*** DATA ***

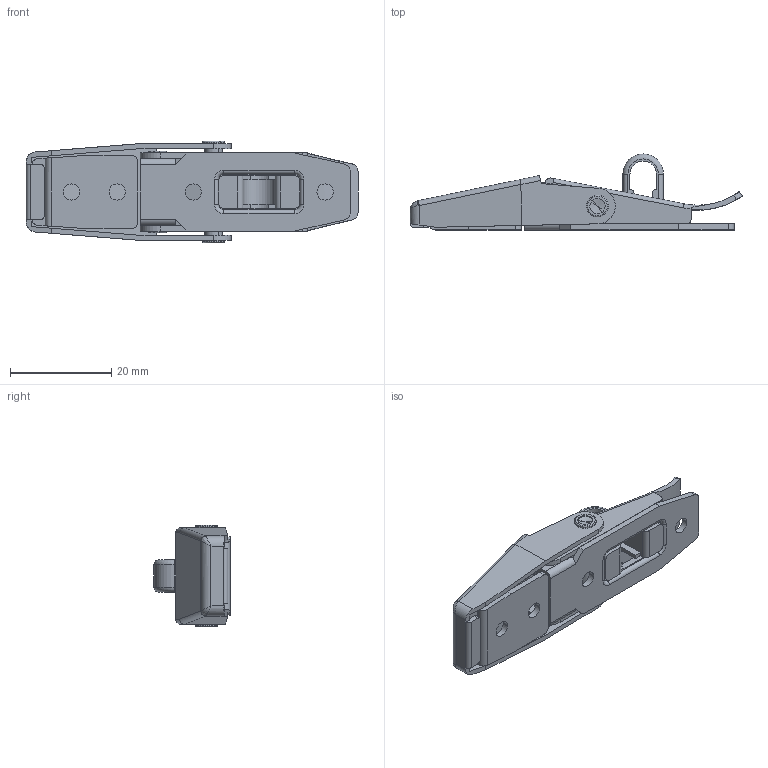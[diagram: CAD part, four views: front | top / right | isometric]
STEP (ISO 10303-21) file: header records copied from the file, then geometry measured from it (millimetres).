
FILE_DESCRIPTION (( 'STEP AP203' ), '1' );
FILE_NAME ('Žº‰ª•ÏŠ·.STEP', '2012-04-11T06:47:52', ( '' ), ( '' ), 'SwSTEP 2.0', 'SolidWorks 2011', '' );
FILE_SCHEMA (( 'CONFIG_CONTROL_DESIGN' ));
Length unit declared in the file: millimetre
Products named in the file (8): C-1144-3B_レバー; C-1144-3B_僺儞16; C-1144-3B_取付板; 室岡変換; C-1144-3B_錠前取付金具; C-1144-3B_受板; C-1144-3B_フック; C-1144-3B_僺儞20
Assembly tree (7 placements, depth 2):
  室岡変換
    C-1144-3B_フック
    C-1144-3B_レバー
    C-1144-3B_僺儞20
    C-1144-3B_僺儞16
    C-1144-3B_取付板
    C-1144-3B_受板
    C-1144-3B_錠前取付金具
Bounding box: 65.49 x 15 x 20 mm (x, y, z)
Volume: 3541.5 mm3; surface area: 7523.7 mm2
Topology: 7 solids, 7 shells, 273 faces, 727 edges, 468 vertices
Faces by surface type: plane 122, cylinder 119, torus 20, cone 8, bspline 4
Entity records: 9499 total; most frequent: CARTESIAN_POINT 1726, DIRECTION 1495, ORIENTED_EDGE 1434, EDGE_CURVE 717, AXIS2_PLACEMENT_3D 537, VERTEX_POINT 468, VECTOR 421, LINE 421
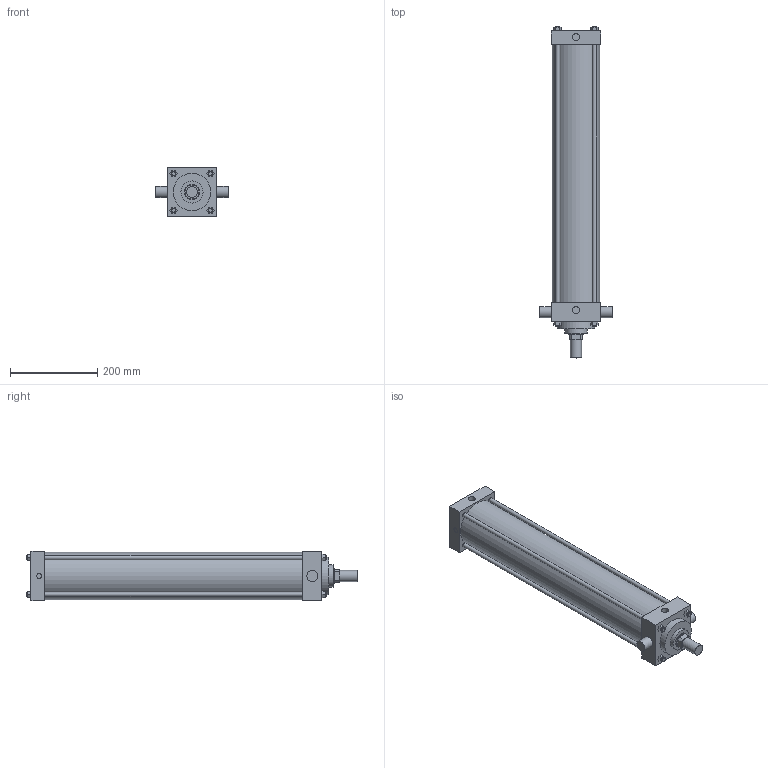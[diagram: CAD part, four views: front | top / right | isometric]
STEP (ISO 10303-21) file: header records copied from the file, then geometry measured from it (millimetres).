
FILE_DESCRIPTION((' Parasolid data model '),'2;1');
FILE_NAME('GSSL','1999-12-15T14:50:56+00:00',(' GSSL '),(' GSSL Pune '),'','GSSL Pune','Author');
FILE_SCHEMA(('CONFIG_CONTROL_DESIGN'));
Length unit declared in the file: millimetre
Bounding box: 165.1 x 760.41 x 114.3 mm (x, y, z)
Surface area: 359121.8 mm2 (no closed solid volume)
Topology: 0 solids, 9 shells, 122 faces, 317 edges, 228 vertices
Faces by surface type: plane 93, cylinder 29
Full cylindrical faces by diameter (mm): 9.525 x12, 11.113 x4, 15.926 x2, 25.4 x3, 34.925 x1, 50.8 x1, 85.725 x1, 107.95 x1
Entity records: 3984 total; most frequent: CARTESIAN_POINT 712, DIRECTION 628, ORIENTED_EDGE 537, EDGE_CURVE 330, LINE 272, VECTOR 272, VERTEX_POINT 262, EDGE_LOOP 198
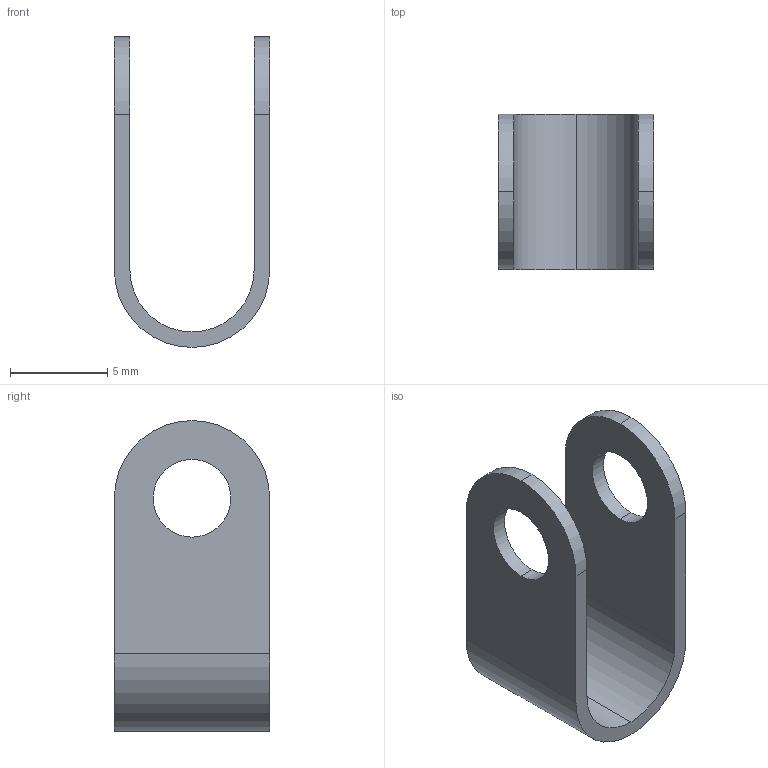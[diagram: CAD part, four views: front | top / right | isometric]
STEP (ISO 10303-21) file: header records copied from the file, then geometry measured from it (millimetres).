
FILE_DESCRIPTION (( 'STEP AP214' ), '1' );
FILE_NAME ('cover.STEP', '2020-03-07T21:22:29', ( '' ), ( '' ), 'SwSTEP 2.0', 'SolidWorks 2019', '' );
FILE_SCHEMA (( 'AUTOMOTIVE_DESIGN' ));
Length unit declared in the file: millimetre
Products named in the file (1): cover
Bounding box: 8 x 8 x 16 mm (x, y, z)
Volume: 194.9 mm3; surface area: 571.1 mm2
Topology: 1 solids, 1 shells, 18 faces, 48 edges, 32 vertices
Faces by surface type: cylinder 12, plane 6
Entity records: 618 total; most frequent: DIRECTION 110, CARTESIAN_POINT 99, ORIENTED_EDGE 96, EDGE_CURVE 48, AXIS2_PLACEMENT_3D 43, VERTEX_POINT 32, LINE 24, CIRCLE 24

*** End of DATA ***

## AIM OF THE EXERCISE
The expected output is every line of the data, unchanged, with the pictures skipped.

## TASK RESPONSE
[diagram: CAD part, four views: front | top / right | isometric]
STEP (ISO 10303-21) file: header records copied from the file, then geometry measured from it (millimetres).
FILE_DESCRIPTION (( 'STEP AP203' ), '1' );
FILE_NAME ('Žº‰ª•ÏŠ·.STEP', '2012-04-11T06:47:52', ( '' ), ( '' ), 'SwSTEP 2.0', 'SolidWorks 2011', '' );
FILE_SCHEMA (( 'CONFIG_CONTROL_DESIGN' ));
Length unit declared in the file: millimetre
Products named in the file (8): C-1144-3B_レバー; C-1144-3B_僺儞16; C-1144-3B_取付板; 室岡変換; C-1144-3B_錠前取付金具; C-1144-3B_受板; C-1144-3B_フック; C-1144-3B_僺儞20
Assembly tree (7 placements, depth 2):
  室岡変換
    C-1144-3B_フック
    C-1144-3B_レバー
    C-1144-3B_僺儞20
    C-1144-3B_僺儞16
    C-1144-3B_取付板
    C-1144-3B_受板
    C-1144-3B_錠前取付金具
Bounding box: 65.49 x 15 x 20 mm (x, y, z)
Volume: 3541.5 mm3; surface area: 7523.7 mm2
Topology: 7 solids, 7 shells, 273 faces, 727 edges, 468 vertices
Faces by surface type: plane 122, cylinder 119, torus 20, cone 8, bspline 4
Entity records: 9499 total; most frequent: CARTESIAN_POINT 1726, DIRECTION 1495, ORIENTED_EDGE 1434, EDGE_CURVE 717, AXIS2_PLACEMENT_3D 537, VERTEX_POINT 468, VECTOR 421, LINE 421
[diagram: CAD part, four views: front | top / right | isometric]
STEP (ISO 10303-21) file: header records copied from the file, then geometry measured from it (millimetres).
FILE_DESCRIPTION((' Parasolid data model '),'2;1');
FILE_NAME('GSSL','1999-12-15T14:50:56+00:00',(' GSSL '),(' GSSL Pune '),'','GSSL Pune','Author');
FILE_SCHEMA(('CONFIG_CONTROL_DESIGN'));
Length unit declared in the file: millimetre
Bounding box: 165.1 x 760.41 x 114.3 mm (x, y, z)
Surface area: 359121.8 mm2 (no closed solid volume)
Topology: 0 solids, 9 shells, 122 faces, 317 edges, 228 vertices
Faces by surface type: plane 93, cylinder 29
Full cylindrical faces by diameter (mm): 9.525 x12, 11.113 x4, 15.926 x2, 25.4 x3, 34.925 x1, 50.8 x1, 85.725 x1, 107.95 x1
Entity records: 3984 total; most frequent: CARTESIAN_POINT 712, DIRECTION 628, ORIENTED_EDGE 537, EDGE_CURVE 330, LINE 272, VECTOR 272, VERTEX_POINT 262, EDGE_LOOP 198
[diagram: CAD part, four views: front | top / right | isometric]
STEP (ISO 10303-21) file: header records copied from the file, then geometry measured from it (millimetres).
FILE_DESCRIPTION (( 'STEP AP214' ), '1' );
FILE_NAME ('cover.STEP', '2020-03-07T21:22:29', ( '' ), ( '' ), 'SwSTEP 2.0', 'SolidWorks 2019', '' );
FILE_SCHEMA (( 'AUTOMOTIVE_DESIGN' ));
Length unit declared in the file: millimetre
Products named in the file (1): cover
Bounding box: 8 x 8 x 16 mm (x, y, z)
Volume: 194.9 mm3; surface area: 571.1 mm2
Topology: 1 solids, 1 shells, 18 faces, 48 edges, 32 vertices
Faces by surface type: cylinder 12, plane 6
Entity records: 618 total; most frequent: DIRECTION 110, CARTESIAN_POINT 99, ORIENTED_EDGE 96, EDGE_CURVE 48, AXIS2_PLACEMENT_3D 43, VERTEX_POINT 32, LINE 24, CIRCLE 24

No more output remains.